(no subject)
«Газета американских коммунистов "Daily World"»...
Если запустить в Яндексе поиск по этому словосочетанию, то несколько совпадений найдётся. Да и без Яндекса: у того, кто постарше эта фраза вызывает устойчивую ассоциацию.
Однако, если сегодня зайти на сайт газеты "Daily World", то никакого упоминания о коммунизме там не найдёшь. А если зайти на сайт американской компартии, то там не найдёшь упоминания об этой газете. Времена меняются. Наверое, за прошедшие годы их пути разошлись.
История твоей семьи – это данность. Её можно стыдиться, ею можно гордиться, но изменить её нельзя.
Летом 1912 года в семье Лейзера Переплётчика, что жил в г. Горки Могилёвской губернии, произошло большое несчастье. Старший сын Саня катал на телеге свою сестру Маню (почему-то у всех детей в этой семье были русские имена: Саня, Маня, Фаня, Галя). Желая испугать её, он покатил быстро под гору, она, действительно испугалась, пыталась спрыгнуть на ходу, и обе её ноги попали в колесо. Результат – множественные переломы.
В душе 18-летного парня, по чьей вине девочка, практически, стала инвалидом, многое перевернулось. Он, наверное, стал взрослым, и через год уехал в Америку. А ещё через год он, наконец-то, в письмах убедил родителей отправить больную сестру к нему. В Америке, писал он, уровень медицинского обслуживания неизмеримо выше, он обещал, что вытянет, вылечит её, и есть шанс, что она сможет жить нормальной жизнью.
Весной 1914 года Маня поехала в Америку с семьёй Саниной невесты, будучи вписана к ним по подложным документам. А ещё через несколько месяцев началась Первая Мировая война.
Моя бабушка Галя, младшая в семье, родилась в 1910 году. Своего старшего брата она из детства не помнила, вообще, её первое воспоминание – это как Маня с её переломанными ногами принимает какую-то целебную ванну, она сама, 3-х летняя девочка, пытается в эту ванну залезть, а её оттаскивают.

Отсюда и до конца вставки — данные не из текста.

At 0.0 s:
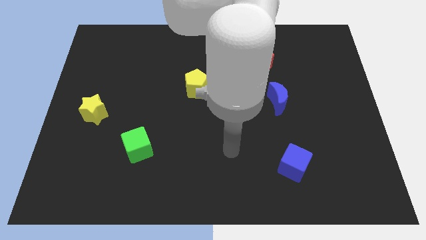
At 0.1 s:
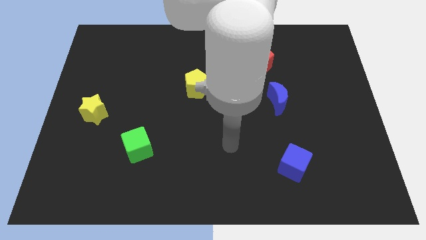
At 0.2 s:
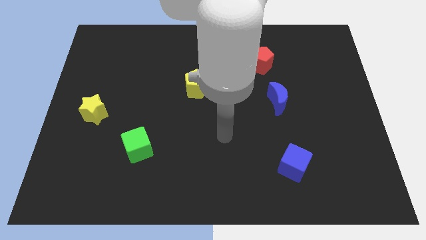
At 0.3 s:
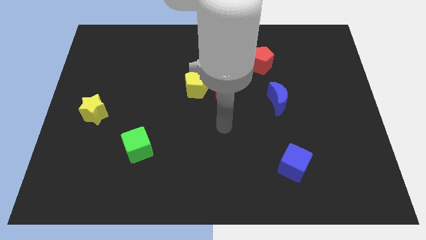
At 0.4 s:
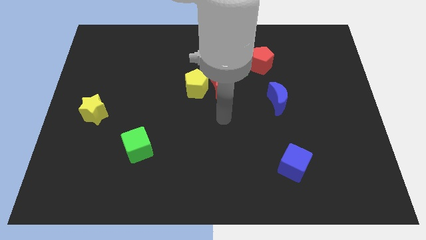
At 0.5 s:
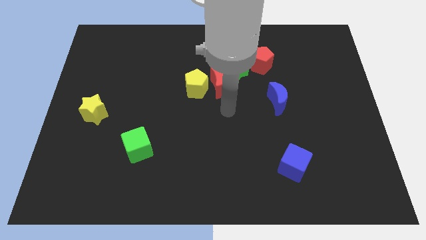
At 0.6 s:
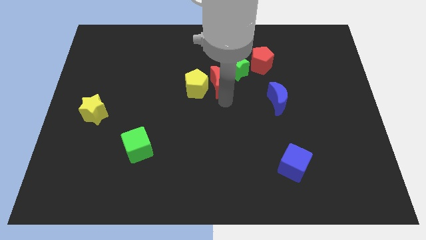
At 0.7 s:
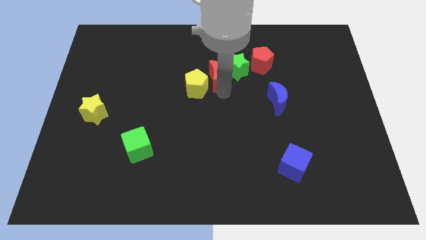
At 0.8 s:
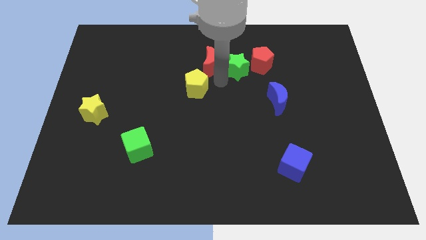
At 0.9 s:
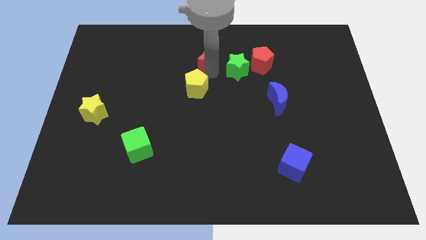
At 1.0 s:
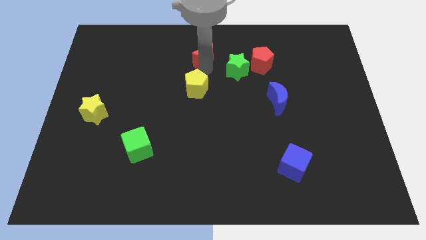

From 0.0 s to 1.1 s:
move the yellow pentagon away from the red moon

А помнила она, что всё её детство прошло под знаком разлуки со старшими детьми. Война, потом революция, потом разруха. От них много лет не было никаких вестей, бабушкины родители даже не знали, добралась ли, вообще, Маня до Америки! Помню, меня самого в детстве из бабушкиных рассказов более всего поражал именно этот момент.

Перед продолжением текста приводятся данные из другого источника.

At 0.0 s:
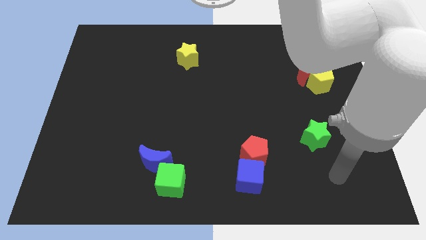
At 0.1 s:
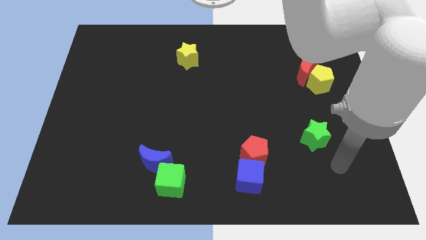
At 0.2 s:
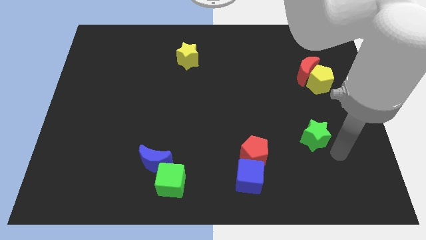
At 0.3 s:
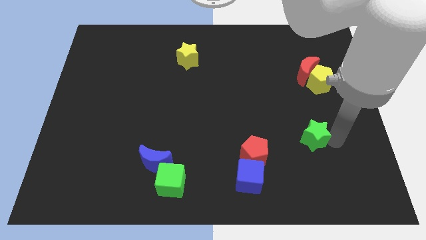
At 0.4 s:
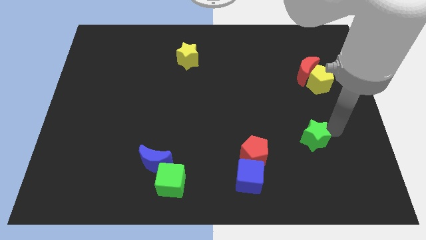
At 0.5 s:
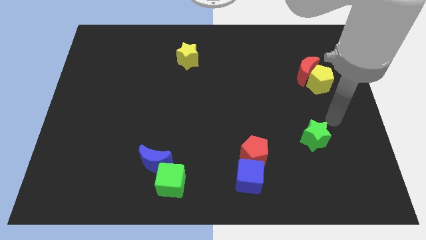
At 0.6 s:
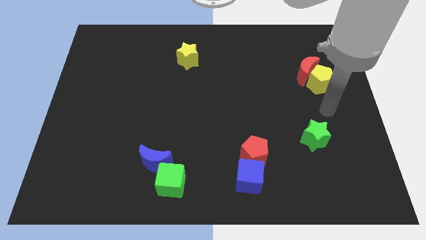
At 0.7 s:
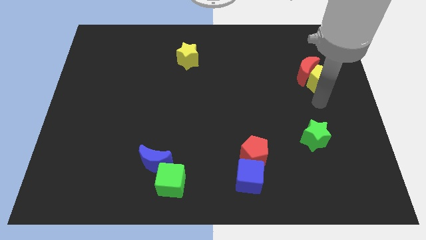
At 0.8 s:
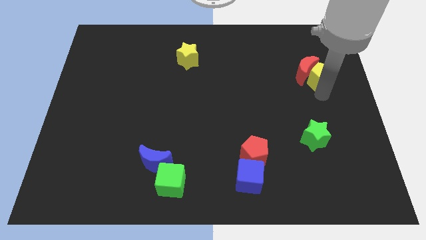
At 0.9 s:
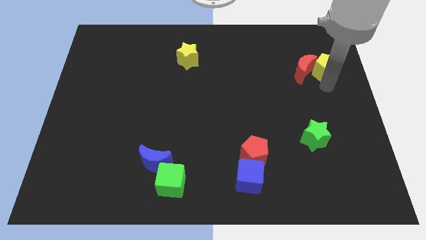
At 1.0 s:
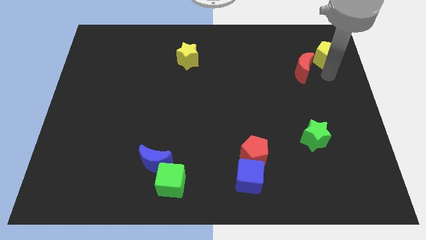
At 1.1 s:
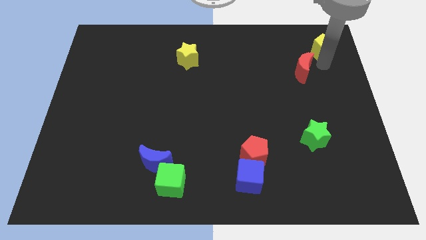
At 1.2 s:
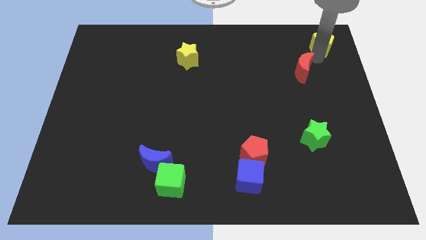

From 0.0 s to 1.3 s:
pull the red moon apart from the yellow pentagon

Но годы прошли, и в начале 20-х годов связь восстановилась. От Сани стали приходить посылки и письма. Унего было всё хорошо, он женился, родились две дочки. Маня, как он и обещал, выздоровела, встала на ноги, и тоже вышла замуж. Они звали семью к себе, но родители не решились. Да и жизнь в Советской России налаживалась, развивался НЭП.
Родители не дожили до страшных лет, когда всякая связь с заграницей прервалась уже надолго. Они умерли в начале 30-х, когда моя бабушка уже вышла замуж и перебралась в Ленинград.
Только в 1966 году, как раз в то время, когда я родился, ей довелось поехать в Америку и впервые в жизни увидеть своего старшего брата. История его жизни достойна отдельного повествования, я же изначально хотел написать совсем о другом.
Итак, как уже было сказано, Маня, старшая сестра моей бабушки, вышла замуж в конце 20-х годов. Её избранником стал выходец из Белоруссии Константин Радзионович. На американский манер его звали Kostia Radzi, а для нас он был просто дядя Костя. О нём мой рассказ.
В истории жизни этого человека много белых пятен. Например, неизвестно в каком году он родился. Деревня Вилейка в Минской области, откуда он родом, существует на карте, но у него там нет никаких родственников, и непонятно, кто были его родители. А в Америку он попал, согласно преданию, в 16 лет в угольном ящике, подобно герою какого-нибудь романа. А приехав и попав на самое дно жизни, он связался с коммунистами. Причём связь эта осталась на всю оставшуюся жизнь.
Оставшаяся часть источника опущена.